**INSTRUCTIONS FOR THE TASK**.
For this exercise, transcribe all the entries exactly as given and omit the images.
(SOURCE DATA Opens)
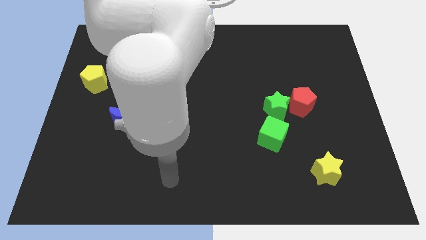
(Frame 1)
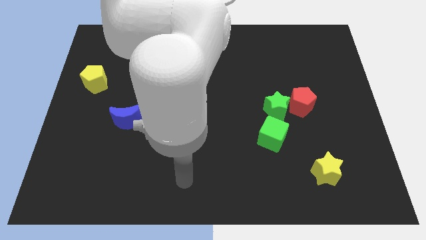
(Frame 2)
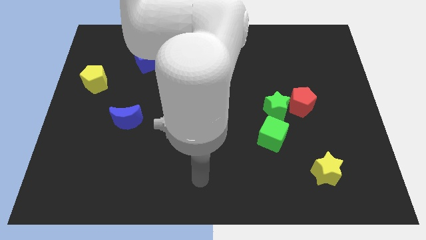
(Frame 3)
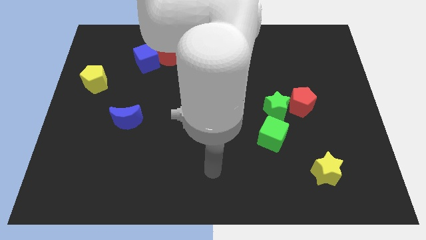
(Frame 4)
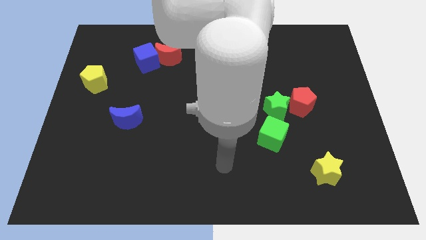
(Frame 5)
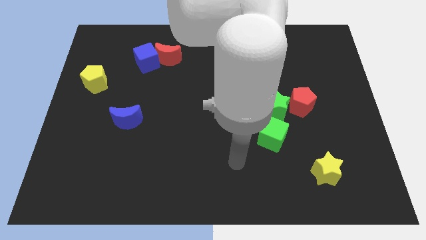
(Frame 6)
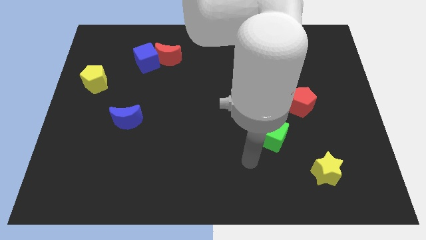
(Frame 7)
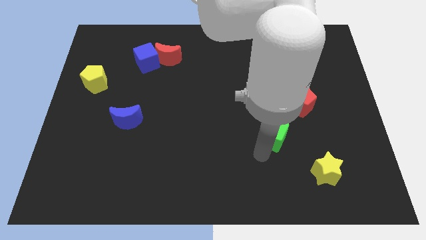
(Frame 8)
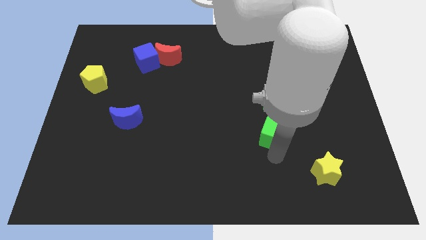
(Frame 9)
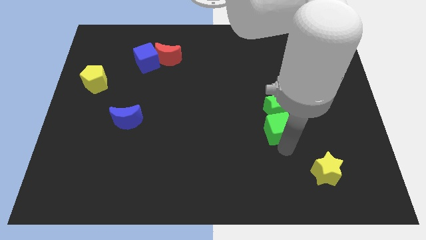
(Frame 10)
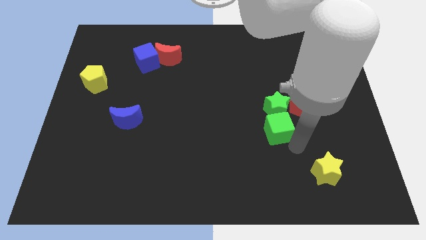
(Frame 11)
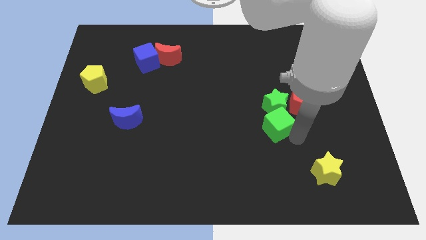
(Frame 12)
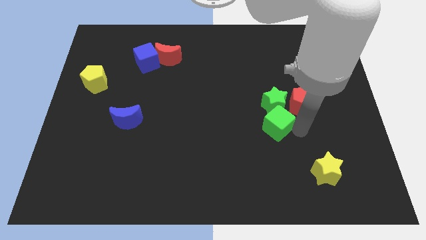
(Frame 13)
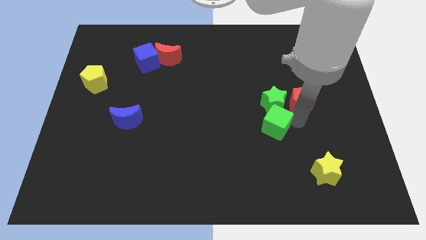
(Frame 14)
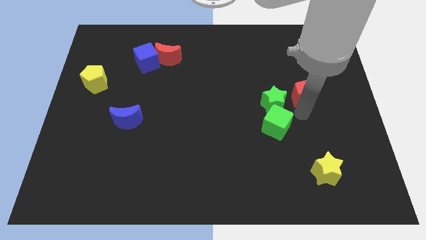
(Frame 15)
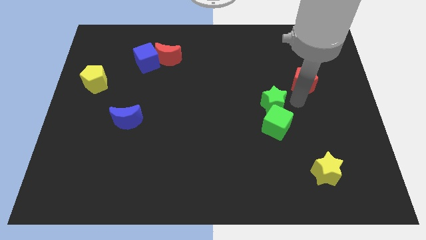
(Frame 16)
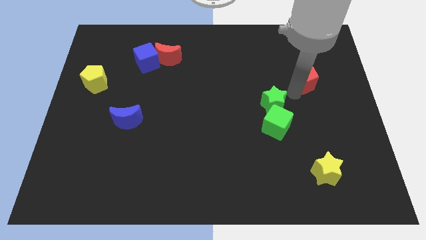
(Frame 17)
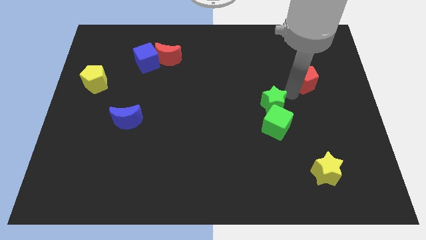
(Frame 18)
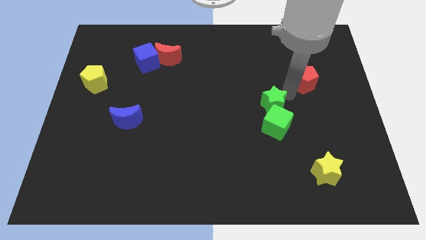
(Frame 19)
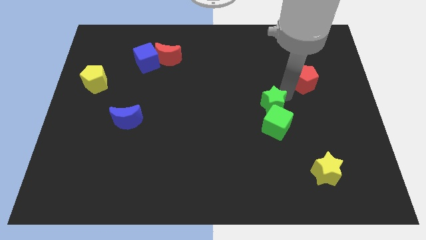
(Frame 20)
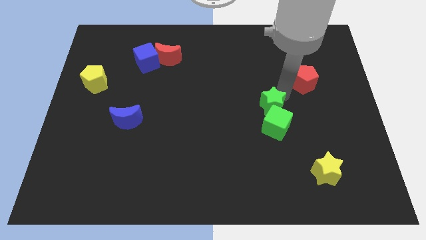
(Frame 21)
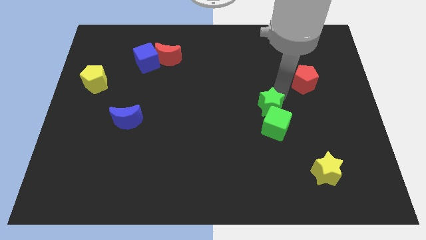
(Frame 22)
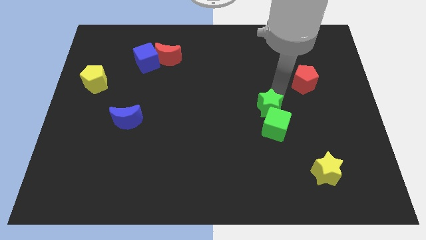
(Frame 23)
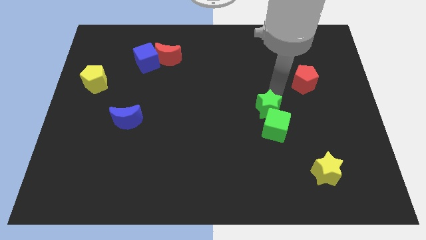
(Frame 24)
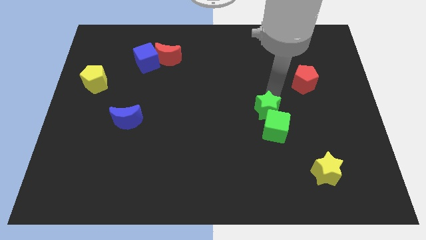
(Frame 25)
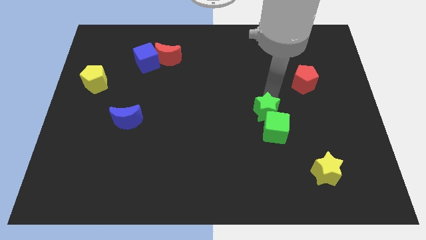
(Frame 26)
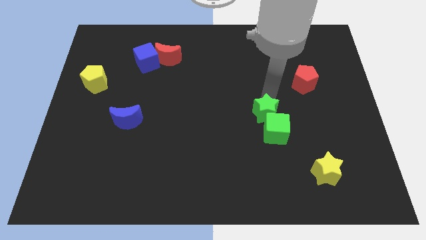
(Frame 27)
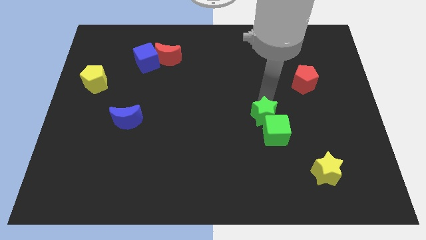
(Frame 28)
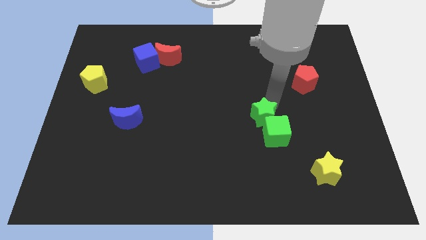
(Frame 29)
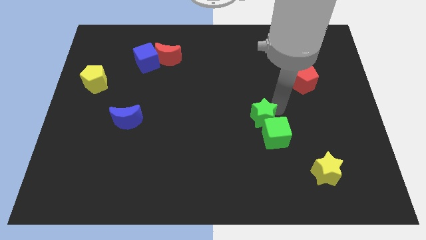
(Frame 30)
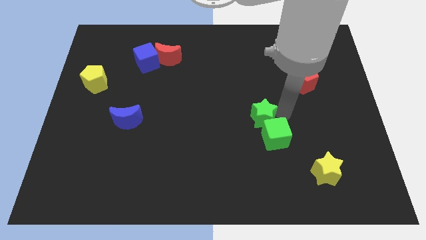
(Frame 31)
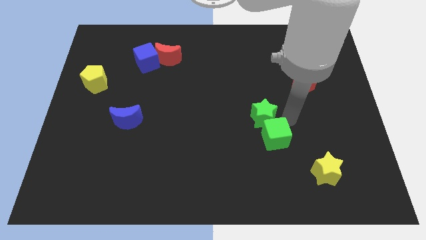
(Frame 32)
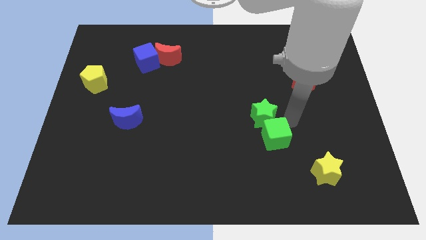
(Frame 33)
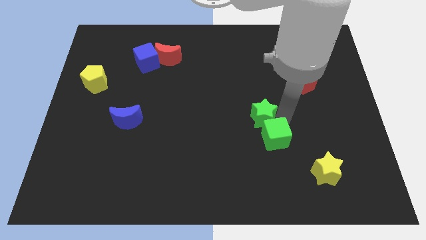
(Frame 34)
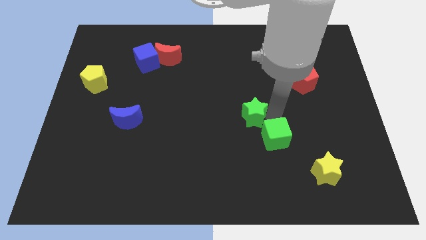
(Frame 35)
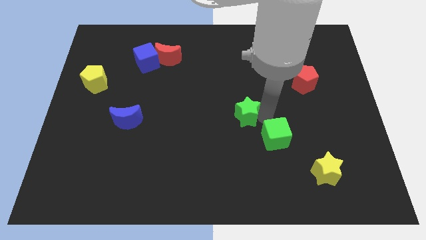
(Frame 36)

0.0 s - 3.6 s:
move the green star left a bit
(SOURCE DATA Closes)
**TASK RESULT**.
(Frame 1)
(Frame 2)
(Frame 3)
(Frame 4)
(Frame 5)
(Frame 6)
(Frame 7)
(Frame 8)
(Frame 9)
(Frame 10)
(Frame 11)
(Frame 12)
(Frame 13)
(Frame 14)
(Frame 15)
(Frame 16)
(Frame 17)
(Frame 18)
(Frame 19)
(Frame 20)
(Frame 21)
(Frame 22)
(Frame 23)
(Frame 24)
(Frame 25)
(Frame 26)
(Frame 27)
(Frame 28)
(Frame 29)
(Frame 30)
(Frame 31)
(Frame 32)
(Frame 33)
(Frame 34)
(Frame 35)
(Frame 36)

0.0 s - 3.6 s:
move the green star left a bit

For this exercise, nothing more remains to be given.